▼

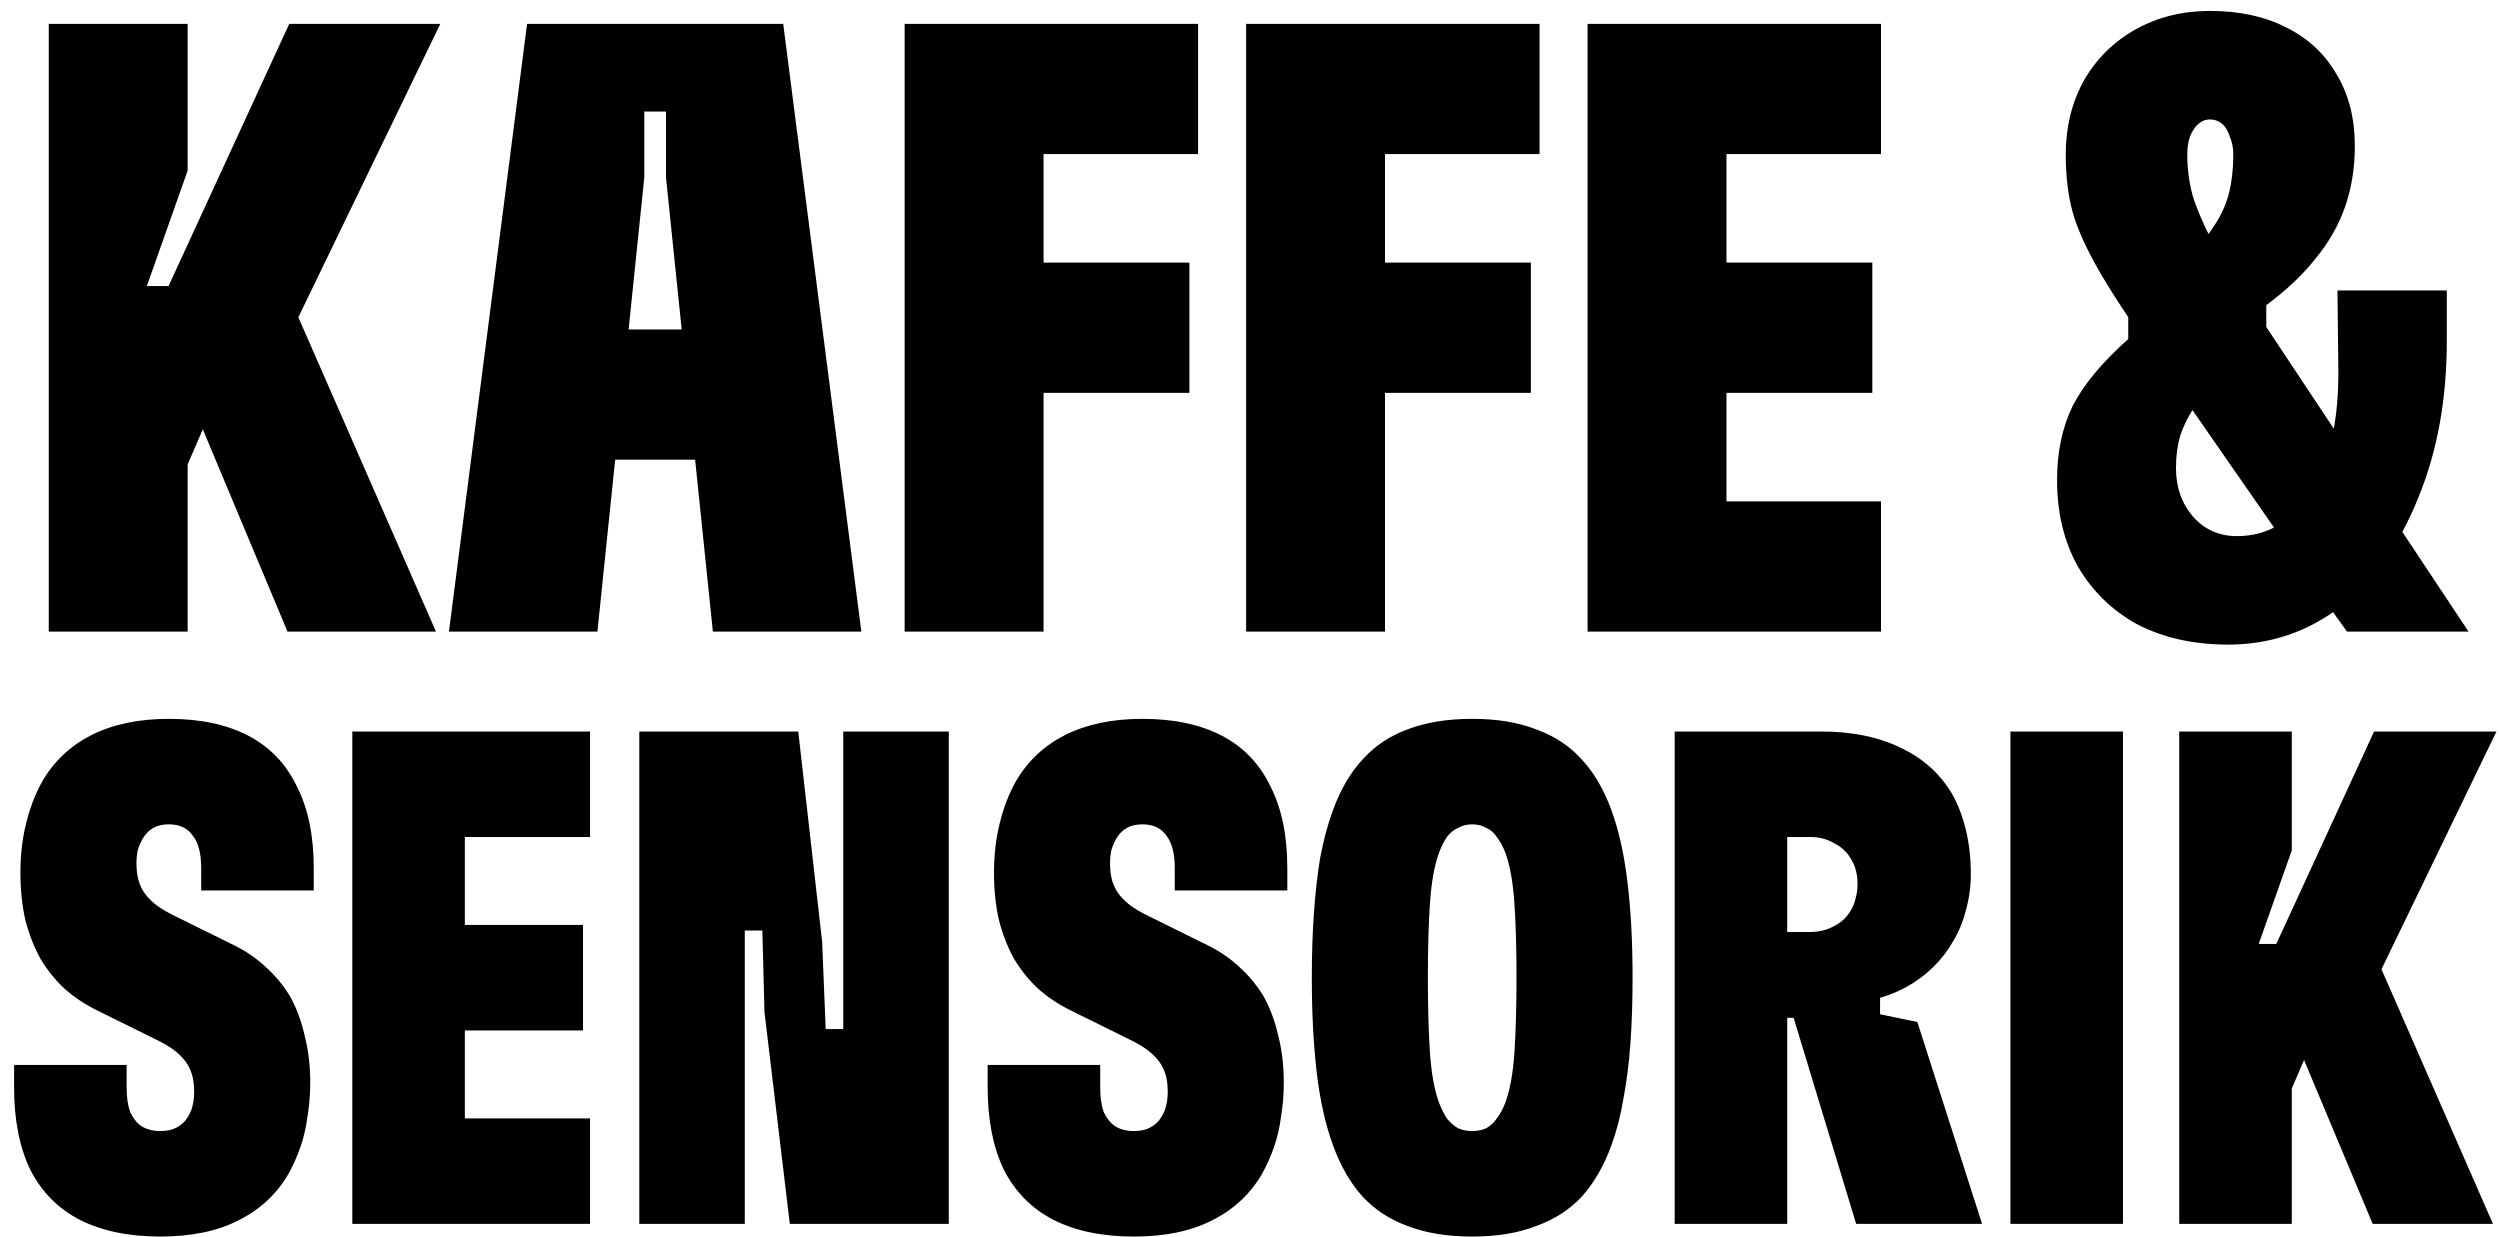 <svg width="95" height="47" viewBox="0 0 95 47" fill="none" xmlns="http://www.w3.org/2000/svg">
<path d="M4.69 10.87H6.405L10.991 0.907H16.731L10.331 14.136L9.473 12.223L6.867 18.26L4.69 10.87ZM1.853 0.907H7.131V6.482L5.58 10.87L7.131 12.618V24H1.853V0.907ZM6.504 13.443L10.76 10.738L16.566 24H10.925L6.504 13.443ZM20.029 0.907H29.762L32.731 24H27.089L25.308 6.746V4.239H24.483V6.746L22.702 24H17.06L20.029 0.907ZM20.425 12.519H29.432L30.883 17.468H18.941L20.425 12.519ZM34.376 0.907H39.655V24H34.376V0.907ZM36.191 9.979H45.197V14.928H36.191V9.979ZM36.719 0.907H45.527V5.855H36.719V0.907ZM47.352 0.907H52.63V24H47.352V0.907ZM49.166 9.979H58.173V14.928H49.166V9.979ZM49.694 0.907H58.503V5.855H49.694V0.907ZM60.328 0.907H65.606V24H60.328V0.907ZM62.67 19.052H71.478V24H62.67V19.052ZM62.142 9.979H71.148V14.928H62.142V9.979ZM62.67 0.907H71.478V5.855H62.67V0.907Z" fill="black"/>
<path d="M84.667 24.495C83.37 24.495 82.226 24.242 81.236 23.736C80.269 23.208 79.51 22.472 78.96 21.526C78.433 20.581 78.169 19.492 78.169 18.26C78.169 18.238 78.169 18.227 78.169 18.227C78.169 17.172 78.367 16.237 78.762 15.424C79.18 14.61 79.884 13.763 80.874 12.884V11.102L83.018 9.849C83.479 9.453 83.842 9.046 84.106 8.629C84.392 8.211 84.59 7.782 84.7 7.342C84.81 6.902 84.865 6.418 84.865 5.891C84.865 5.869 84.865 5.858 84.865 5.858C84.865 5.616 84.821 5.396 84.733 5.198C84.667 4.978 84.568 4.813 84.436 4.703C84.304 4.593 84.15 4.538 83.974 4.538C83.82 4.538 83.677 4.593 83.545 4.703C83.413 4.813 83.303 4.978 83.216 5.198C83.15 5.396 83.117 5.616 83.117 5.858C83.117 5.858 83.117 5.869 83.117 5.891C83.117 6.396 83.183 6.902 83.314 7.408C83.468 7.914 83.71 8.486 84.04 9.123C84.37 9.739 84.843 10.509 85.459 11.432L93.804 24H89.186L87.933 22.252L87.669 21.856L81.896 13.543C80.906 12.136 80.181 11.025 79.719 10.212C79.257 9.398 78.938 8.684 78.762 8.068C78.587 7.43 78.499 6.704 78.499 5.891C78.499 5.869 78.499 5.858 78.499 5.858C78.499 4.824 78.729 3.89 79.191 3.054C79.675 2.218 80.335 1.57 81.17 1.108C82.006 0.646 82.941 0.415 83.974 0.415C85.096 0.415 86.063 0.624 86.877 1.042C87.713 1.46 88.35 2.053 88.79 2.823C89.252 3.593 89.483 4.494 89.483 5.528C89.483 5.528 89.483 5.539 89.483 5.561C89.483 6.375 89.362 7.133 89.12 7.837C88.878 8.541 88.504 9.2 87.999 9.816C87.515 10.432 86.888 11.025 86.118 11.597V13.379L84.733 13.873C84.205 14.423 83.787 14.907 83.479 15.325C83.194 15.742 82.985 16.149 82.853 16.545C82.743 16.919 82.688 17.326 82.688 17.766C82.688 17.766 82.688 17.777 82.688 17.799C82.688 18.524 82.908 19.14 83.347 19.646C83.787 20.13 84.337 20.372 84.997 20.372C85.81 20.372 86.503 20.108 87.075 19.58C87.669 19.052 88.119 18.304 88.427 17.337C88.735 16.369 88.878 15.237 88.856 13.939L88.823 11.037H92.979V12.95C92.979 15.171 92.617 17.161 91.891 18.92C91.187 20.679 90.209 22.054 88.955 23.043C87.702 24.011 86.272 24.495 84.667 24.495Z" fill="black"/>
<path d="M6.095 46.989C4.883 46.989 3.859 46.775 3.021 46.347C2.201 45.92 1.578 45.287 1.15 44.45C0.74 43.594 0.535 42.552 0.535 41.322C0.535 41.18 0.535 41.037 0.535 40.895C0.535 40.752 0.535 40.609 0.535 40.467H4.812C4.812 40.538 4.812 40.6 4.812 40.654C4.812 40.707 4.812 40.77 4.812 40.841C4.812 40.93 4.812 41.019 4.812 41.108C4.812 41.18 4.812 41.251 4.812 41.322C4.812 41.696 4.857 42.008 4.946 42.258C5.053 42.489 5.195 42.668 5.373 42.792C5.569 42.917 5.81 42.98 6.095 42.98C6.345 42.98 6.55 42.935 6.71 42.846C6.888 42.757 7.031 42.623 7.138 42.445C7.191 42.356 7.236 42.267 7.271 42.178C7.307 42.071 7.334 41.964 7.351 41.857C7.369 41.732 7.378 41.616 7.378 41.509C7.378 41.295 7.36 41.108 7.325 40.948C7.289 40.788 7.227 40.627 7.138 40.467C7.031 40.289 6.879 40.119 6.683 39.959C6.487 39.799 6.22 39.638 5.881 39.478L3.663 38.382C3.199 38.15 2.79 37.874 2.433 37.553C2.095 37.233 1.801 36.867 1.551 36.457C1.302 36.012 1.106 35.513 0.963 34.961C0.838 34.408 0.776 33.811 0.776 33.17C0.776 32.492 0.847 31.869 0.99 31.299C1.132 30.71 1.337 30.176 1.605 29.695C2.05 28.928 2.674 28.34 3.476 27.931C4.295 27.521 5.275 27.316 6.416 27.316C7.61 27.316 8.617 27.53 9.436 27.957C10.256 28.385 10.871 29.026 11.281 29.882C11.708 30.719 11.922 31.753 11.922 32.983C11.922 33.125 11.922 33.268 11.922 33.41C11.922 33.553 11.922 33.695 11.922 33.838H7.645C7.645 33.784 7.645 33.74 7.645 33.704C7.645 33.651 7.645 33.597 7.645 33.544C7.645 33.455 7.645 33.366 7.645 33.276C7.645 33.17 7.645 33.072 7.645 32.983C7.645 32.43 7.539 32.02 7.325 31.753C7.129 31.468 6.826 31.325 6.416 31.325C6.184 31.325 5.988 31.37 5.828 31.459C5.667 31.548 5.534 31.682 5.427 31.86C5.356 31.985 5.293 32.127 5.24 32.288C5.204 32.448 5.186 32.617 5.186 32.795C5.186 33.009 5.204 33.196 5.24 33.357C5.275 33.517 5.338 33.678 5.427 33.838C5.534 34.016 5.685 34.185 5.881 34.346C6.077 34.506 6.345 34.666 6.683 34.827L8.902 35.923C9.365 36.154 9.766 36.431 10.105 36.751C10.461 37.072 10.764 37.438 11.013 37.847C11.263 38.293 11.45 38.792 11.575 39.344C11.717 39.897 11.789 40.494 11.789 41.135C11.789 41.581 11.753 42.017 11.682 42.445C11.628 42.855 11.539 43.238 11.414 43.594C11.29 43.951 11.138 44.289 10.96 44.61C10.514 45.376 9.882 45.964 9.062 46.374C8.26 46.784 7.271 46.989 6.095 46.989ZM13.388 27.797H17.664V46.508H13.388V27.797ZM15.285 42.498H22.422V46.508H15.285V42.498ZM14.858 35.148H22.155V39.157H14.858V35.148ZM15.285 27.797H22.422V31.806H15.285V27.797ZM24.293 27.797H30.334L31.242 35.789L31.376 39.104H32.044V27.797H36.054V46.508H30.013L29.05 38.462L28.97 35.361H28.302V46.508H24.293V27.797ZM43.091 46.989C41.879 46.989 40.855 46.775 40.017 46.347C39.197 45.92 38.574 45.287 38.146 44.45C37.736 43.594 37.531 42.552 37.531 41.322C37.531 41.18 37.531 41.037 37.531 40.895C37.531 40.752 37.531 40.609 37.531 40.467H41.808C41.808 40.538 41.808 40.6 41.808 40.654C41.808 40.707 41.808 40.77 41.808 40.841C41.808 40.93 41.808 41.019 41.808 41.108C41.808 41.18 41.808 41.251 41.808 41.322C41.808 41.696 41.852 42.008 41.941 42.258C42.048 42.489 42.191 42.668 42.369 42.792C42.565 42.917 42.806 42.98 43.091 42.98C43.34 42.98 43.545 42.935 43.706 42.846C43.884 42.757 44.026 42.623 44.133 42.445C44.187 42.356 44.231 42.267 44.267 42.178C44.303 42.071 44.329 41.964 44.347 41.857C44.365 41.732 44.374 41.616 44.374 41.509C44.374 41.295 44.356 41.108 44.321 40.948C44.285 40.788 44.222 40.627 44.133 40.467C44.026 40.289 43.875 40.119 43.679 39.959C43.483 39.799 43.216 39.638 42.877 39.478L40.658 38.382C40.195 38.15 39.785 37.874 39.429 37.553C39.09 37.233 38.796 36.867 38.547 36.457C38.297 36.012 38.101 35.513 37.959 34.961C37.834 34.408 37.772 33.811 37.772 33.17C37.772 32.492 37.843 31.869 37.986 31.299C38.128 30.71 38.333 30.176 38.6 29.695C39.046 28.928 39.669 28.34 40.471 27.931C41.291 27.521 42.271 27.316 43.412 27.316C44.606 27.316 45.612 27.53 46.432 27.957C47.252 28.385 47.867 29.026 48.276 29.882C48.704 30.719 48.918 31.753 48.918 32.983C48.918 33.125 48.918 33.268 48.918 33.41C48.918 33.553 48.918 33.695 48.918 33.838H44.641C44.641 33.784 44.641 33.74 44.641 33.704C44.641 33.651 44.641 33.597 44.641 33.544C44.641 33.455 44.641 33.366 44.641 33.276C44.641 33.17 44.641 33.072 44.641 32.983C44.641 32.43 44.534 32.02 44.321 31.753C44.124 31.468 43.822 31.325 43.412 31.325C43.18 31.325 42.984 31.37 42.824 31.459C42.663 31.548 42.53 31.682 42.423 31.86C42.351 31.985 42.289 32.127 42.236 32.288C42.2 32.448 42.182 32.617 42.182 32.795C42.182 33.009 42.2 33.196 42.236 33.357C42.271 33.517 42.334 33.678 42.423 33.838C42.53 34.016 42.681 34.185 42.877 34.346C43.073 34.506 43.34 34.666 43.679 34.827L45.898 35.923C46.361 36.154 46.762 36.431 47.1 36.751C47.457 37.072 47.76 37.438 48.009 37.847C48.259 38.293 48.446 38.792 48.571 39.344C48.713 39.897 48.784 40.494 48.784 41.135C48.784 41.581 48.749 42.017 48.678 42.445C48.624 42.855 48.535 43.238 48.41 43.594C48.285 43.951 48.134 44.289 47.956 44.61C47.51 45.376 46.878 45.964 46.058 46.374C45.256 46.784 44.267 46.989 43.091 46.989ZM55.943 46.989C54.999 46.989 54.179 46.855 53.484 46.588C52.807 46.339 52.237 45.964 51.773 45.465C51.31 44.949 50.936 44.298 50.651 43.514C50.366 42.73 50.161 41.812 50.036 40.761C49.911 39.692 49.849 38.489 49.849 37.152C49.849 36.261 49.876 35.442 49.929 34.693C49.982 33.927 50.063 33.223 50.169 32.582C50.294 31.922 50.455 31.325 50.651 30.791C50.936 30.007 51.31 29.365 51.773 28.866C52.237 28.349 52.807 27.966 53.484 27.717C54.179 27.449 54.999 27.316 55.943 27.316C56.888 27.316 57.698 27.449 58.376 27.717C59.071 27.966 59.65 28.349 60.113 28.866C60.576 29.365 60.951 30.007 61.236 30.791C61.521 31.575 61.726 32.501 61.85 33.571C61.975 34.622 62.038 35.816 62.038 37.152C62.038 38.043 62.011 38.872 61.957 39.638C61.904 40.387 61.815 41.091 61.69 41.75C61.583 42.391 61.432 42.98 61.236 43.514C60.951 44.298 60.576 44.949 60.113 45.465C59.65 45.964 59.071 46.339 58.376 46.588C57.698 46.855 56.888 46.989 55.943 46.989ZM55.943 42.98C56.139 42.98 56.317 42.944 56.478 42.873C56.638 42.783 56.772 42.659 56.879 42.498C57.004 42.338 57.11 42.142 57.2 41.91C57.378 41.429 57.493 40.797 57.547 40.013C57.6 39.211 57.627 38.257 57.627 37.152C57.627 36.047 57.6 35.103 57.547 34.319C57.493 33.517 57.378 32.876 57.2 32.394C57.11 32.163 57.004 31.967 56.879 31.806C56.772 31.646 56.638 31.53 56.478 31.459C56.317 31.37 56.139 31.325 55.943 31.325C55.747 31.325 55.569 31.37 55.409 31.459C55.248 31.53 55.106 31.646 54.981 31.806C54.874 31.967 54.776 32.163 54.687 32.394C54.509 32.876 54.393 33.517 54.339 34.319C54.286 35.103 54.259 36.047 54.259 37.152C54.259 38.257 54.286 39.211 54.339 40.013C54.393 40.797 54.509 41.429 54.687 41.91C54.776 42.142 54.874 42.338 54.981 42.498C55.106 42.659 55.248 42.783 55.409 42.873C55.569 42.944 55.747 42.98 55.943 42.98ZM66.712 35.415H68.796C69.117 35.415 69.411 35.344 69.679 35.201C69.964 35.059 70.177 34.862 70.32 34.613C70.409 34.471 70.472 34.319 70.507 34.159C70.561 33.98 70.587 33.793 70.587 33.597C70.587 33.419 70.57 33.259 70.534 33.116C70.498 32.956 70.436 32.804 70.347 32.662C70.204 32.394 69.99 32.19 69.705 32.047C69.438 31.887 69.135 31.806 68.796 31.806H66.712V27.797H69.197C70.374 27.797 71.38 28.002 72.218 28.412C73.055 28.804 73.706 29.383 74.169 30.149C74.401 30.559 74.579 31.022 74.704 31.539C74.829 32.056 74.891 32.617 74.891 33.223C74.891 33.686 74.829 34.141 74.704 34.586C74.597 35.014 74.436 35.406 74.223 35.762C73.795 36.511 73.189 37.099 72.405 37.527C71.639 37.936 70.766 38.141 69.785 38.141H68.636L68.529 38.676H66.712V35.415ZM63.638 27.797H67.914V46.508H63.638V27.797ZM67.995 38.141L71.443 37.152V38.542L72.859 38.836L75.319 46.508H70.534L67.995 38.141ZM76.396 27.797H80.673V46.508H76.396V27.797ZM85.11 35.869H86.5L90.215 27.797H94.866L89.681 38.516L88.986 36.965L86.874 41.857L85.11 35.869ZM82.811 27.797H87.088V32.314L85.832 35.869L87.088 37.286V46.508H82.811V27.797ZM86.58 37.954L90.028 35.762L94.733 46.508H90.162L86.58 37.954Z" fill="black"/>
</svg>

▲

▶ EXERCISE: Your reply should consist solely of the lines above, from the opening line through the line with "10.87H6.405L10.991 0.907H16.731L10.331 14.136L9.473", reproduced exactly and without pictures.

▶ OUTPUT OF THE EXERCISE:
 <svg width="95" height="47" viewBox="0 0 95 47" fill="none" xmlns="http://www.w3.org/2000/svg">
<path d="M4.69 10.87H6.405L10.991 0.907H16.731L10.331 14.136L9.473 12.223L6.867 18.26L4.69 10.87ZM1.853 0.907H7.131V6.482L5.58 10.87L7.131 12.618V24H1.853V0.907ZM6.504 13.443L10.76 10.738L16.566 24H10.925L6.504 13.443ZM20.029 0.907H29.762L32.731 24H27.089L25.308 6.746V4.239H24.483V6.746L22.702 24H17.06L20.029 0.907ZM20.425 12.519H29.432L30.883 17.468H18.941L20.425 12.519ZM34.376 0.907H39.655V24H34.376V0.907ZM36.191 9.979H45.197V14.928H36.191V9.979ZM36.719 0.907H45.527V5.855H36.719V0.907ZM47.352 0.907H52.63V24H47.352V0.907ZM49.166 9.979H58.173V14.928H49.166V9.979ZM49.694 0.907H58.503V5.855H49.694V0.907ZM60.328 0.907H65.606V24H60.328V0.907ZM62.67 19.052H71.478V24H62.67V19.052ZM62.142 9.979H71.148V14.928H62.142V9.979ZM62.67 0.907H71.478V5.855H62.67V0.907Z" fill="black"/>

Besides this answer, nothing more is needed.